= WHAT THE TASK ASKS =
The entries that follow should be repeated exactly, with no pictures kept.

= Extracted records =
****

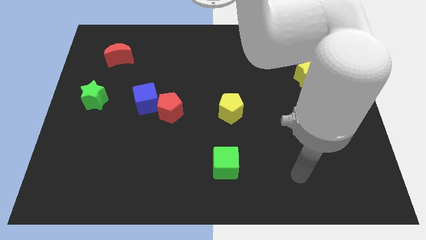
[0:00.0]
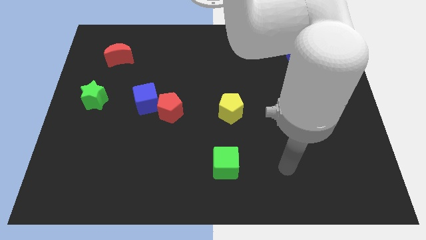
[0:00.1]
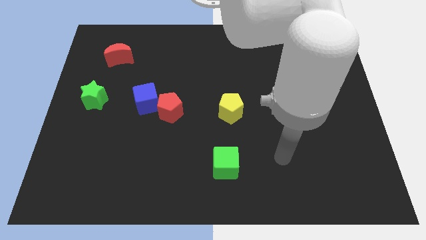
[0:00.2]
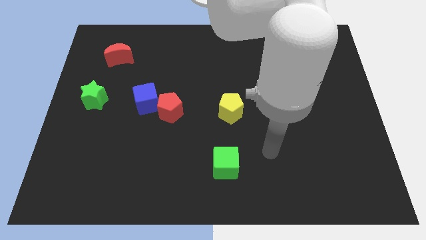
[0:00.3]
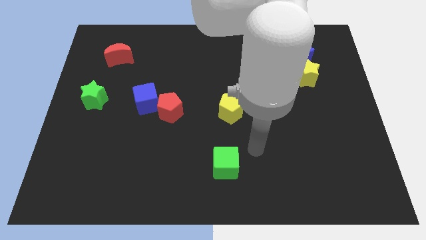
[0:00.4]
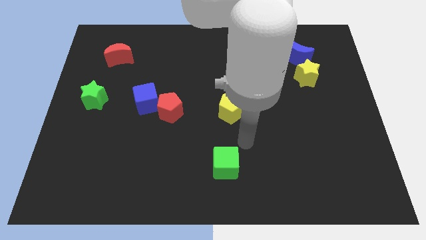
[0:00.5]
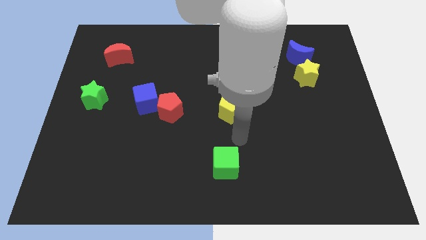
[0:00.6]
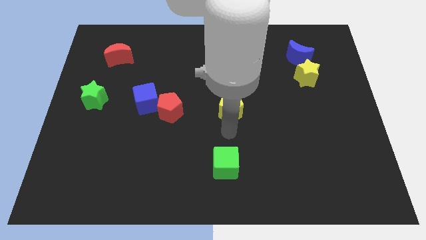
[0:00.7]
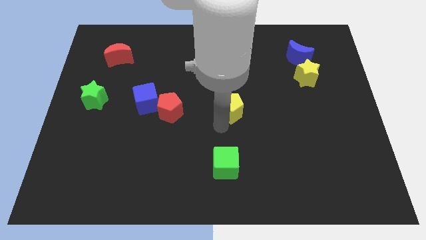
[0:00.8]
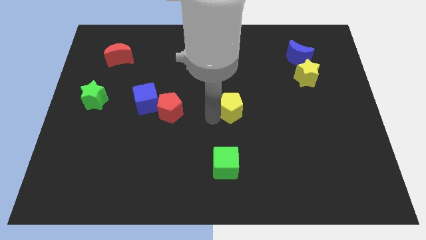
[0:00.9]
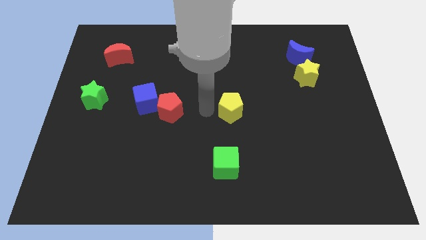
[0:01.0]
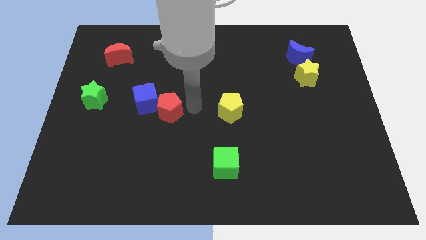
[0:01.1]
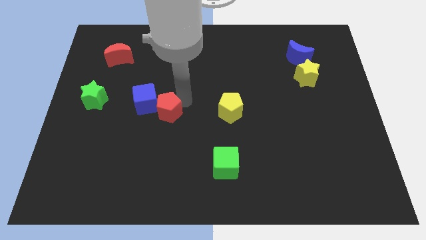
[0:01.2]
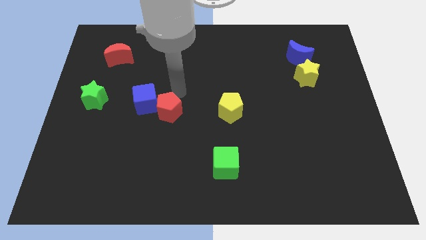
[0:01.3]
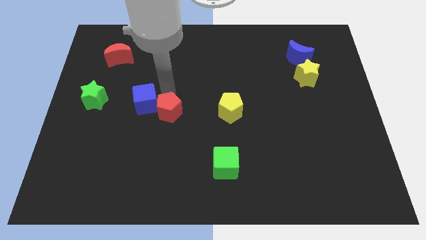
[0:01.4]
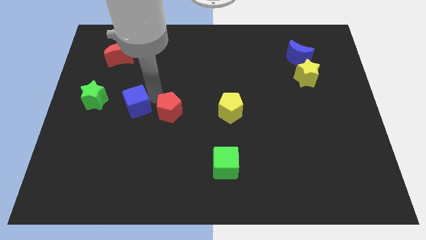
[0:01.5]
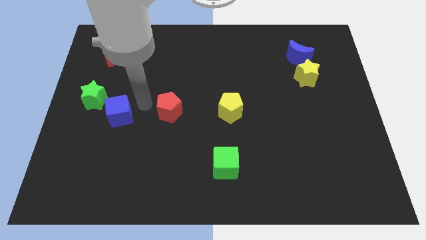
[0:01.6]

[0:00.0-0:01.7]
pull the red pentagon apart from the blue cube

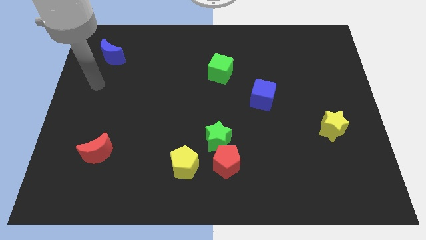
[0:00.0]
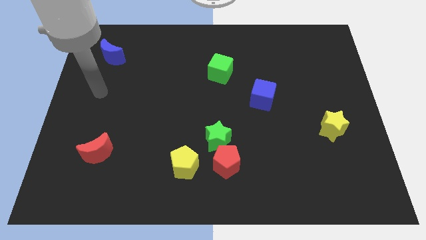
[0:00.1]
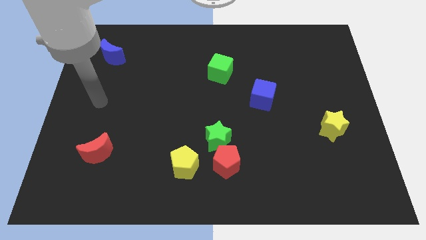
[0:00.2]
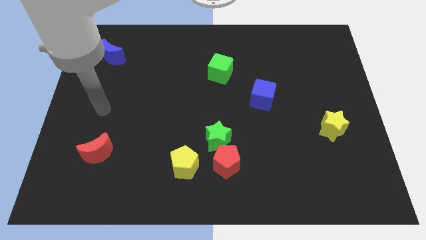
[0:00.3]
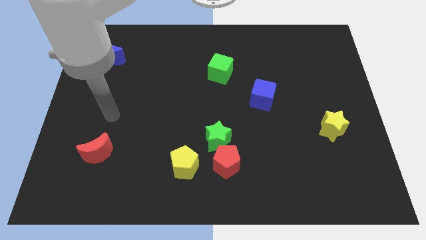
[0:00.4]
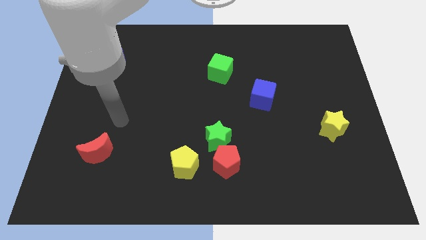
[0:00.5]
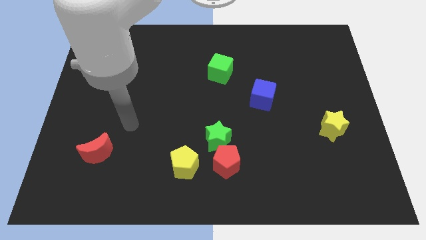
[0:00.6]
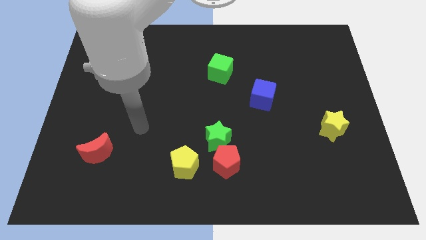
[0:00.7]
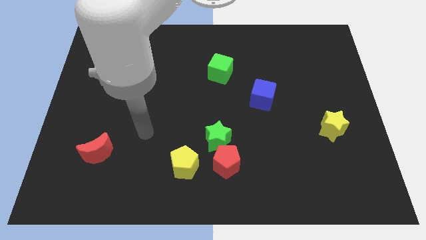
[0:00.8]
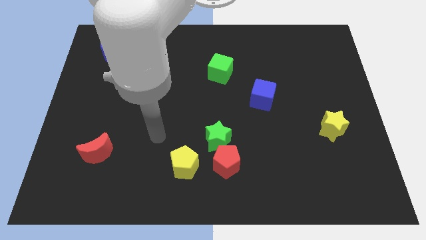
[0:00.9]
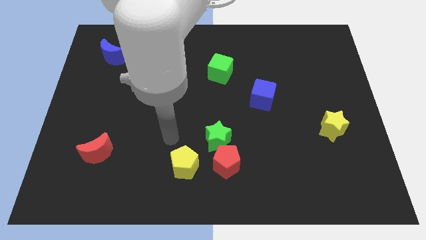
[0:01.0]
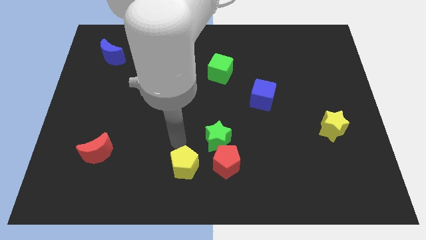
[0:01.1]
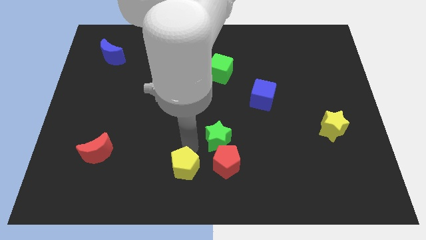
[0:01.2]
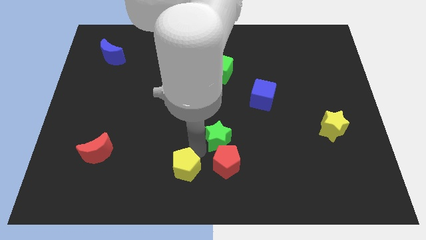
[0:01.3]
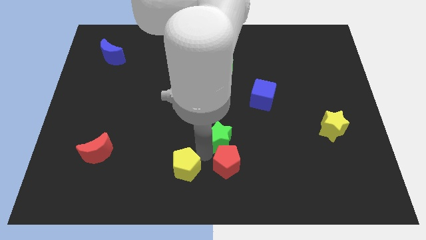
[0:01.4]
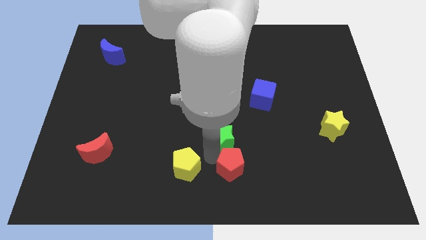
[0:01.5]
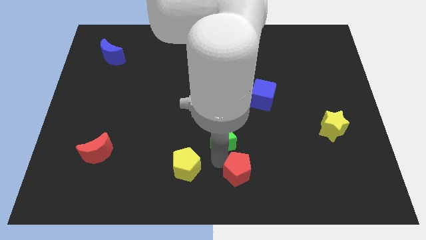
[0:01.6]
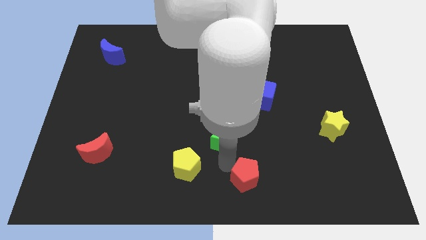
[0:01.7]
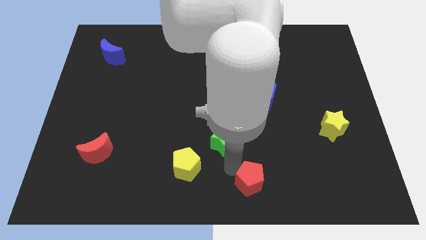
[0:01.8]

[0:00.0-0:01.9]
pull the red pentagon apart from the green star and yellow pentagon

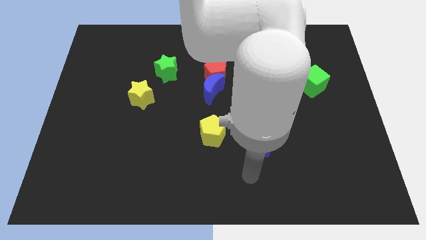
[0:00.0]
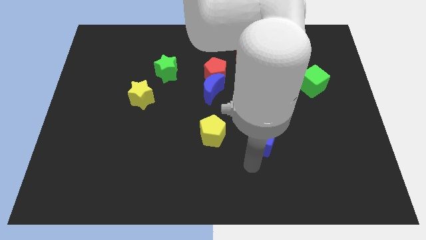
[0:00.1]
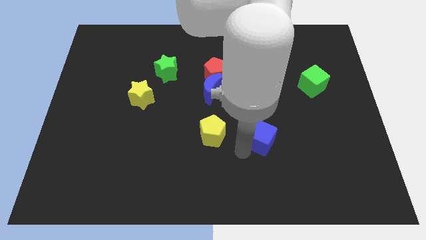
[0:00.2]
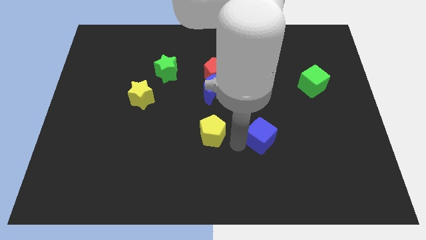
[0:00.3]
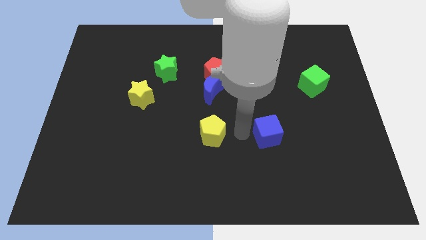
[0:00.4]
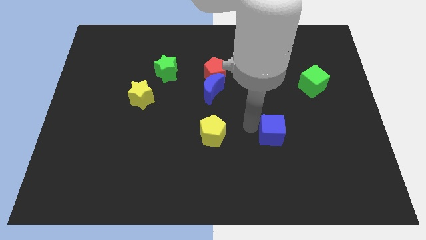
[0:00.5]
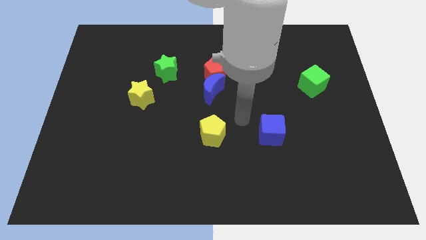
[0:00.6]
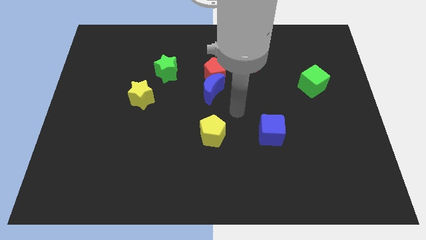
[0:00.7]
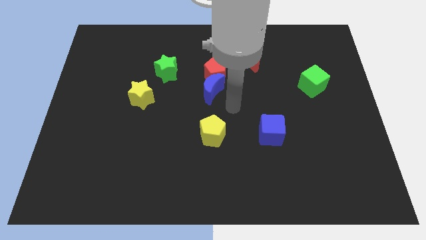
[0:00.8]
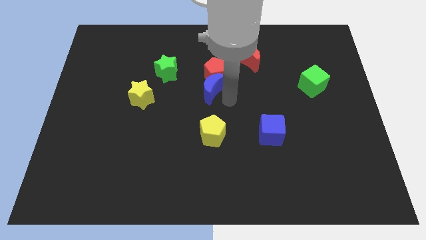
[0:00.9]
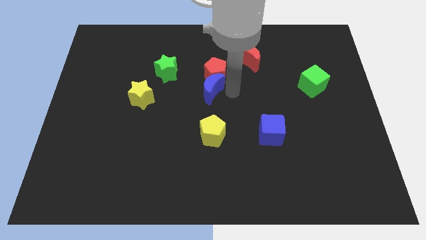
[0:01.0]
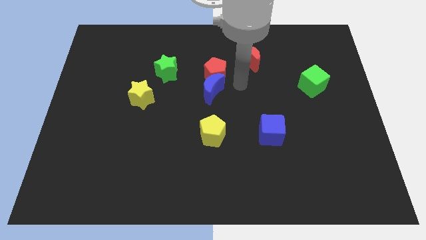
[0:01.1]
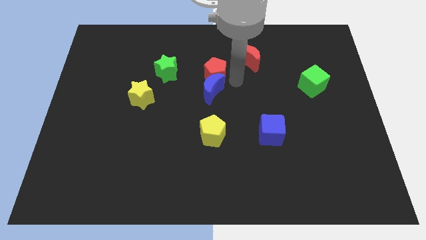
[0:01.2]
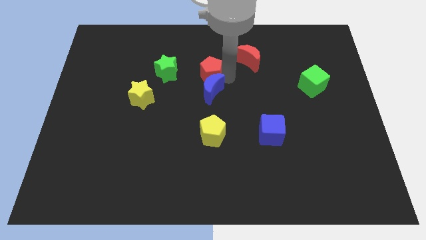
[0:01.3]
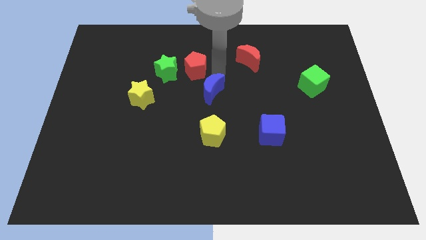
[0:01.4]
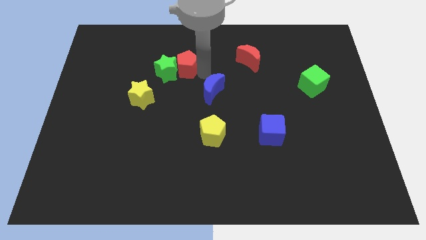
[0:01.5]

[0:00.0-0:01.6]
move the blue moon away from the red pentagon

****

= TASK RESULT =
[0:00.0]
[0:00.1]
[0:00.2]
[0:00.3]
[0:00.4]
[0:00.5]
[0:00.6]
[0:00.7]
[0:00.8]
[0:00.9]
[0:01.0]
[0:01.1]
[0:01.2]
[0:01.3]
[0:01.4]
[0:01.5]
[0:01.6]

[0:00.0-0:01.7]
pull the red pentagon apart from the blue cube

[0:00.0]
[0:00.1]
[0:00.2]
[0:00.3]
[0:00.4]
[0:00.5]
[0:00.6]
[0:00.7]
[0:00.8]
[0:00.9]
[0:01.0]
[0:01.1]
[0:01.2]
[0:01.3]
[0:01.4]
[0:01.5]
[0:01.6]
[0:01.7]
[0:01.8]

[0:00.0-0:01.9]
pull the red pentagon apart from the green star and yellow pentagon

[0:00.0]
[0:00.1]
[0:00.2]
[0:00.3]
[0:00.4]
[0:00.5]
[0:00.6]
[0:00.7]
[0:00.8]
[0:00.9]
[0:01.0]
[0:01.1]
[0:01.2]
[0:01.3]
[0:01.4]
[0:01.5]

[0:00.0-0:01.6]
move the blue moon away from the red pentagon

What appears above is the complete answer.